**Records to use**
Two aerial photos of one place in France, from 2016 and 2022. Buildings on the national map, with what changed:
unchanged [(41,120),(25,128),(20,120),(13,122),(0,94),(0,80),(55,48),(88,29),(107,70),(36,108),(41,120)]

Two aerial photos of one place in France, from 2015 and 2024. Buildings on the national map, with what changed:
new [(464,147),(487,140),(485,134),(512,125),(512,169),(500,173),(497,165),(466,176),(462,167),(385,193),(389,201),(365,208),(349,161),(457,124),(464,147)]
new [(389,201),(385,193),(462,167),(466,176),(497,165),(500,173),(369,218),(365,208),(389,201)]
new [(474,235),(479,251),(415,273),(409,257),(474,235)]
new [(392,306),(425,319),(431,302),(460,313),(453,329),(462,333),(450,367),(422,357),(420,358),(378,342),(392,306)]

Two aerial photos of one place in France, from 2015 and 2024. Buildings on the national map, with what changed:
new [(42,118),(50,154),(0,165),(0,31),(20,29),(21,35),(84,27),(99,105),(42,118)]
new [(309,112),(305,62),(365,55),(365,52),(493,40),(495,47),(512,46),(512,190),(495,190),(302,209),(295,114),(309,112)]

**Work instruction**
Each record must be returned in full and exactly.

**Reply**
Two aerial photos of one place in France, from 2016 and 2022. Buildings on the national map, with what changed:
unchanged [(41,120),(25,128),(20,120),(13,122),(0,94),(0,80),(55,48),(88,29),(107,70),(36,108),(41,120)]

Two aerial photos of one place in France, from 2015 and 2024. Buildings on the national map, with what changed:
new [(464,147),(487,140),(485,134),(512,125),(512,169),(500,173),(497,165),(466,176),(462,167),(385,193),(389,201),(365,208),(349,161),(457,124),(464,147)]
new [(389,201),(385,193),(462,167),(466,176),(497,165),(500,173),(369,218),(365,208),(389,201)]
new [(474,235),(479,251),(415,273),(409,257),(474,235)]
new [(392,306),(425,319),(431,302),(460,313),(453,329),(462,333),(450,367),(422,357),(420,358),(378,342),(392,306)]

Two aerial photos of one place in France, from 2015 and 2024. Buildings on the national map, with what changed:
new [(42,118),(50,154),(0,165),(0,31),(20,29),(21,35),(84,27),(99,105),(42,118)]
new [(309,112),(305,62),(365,55),(365,52),(493,40),(495,47),(512,46),(512,190),(495,190),(302,209),(295,114),(309,112)]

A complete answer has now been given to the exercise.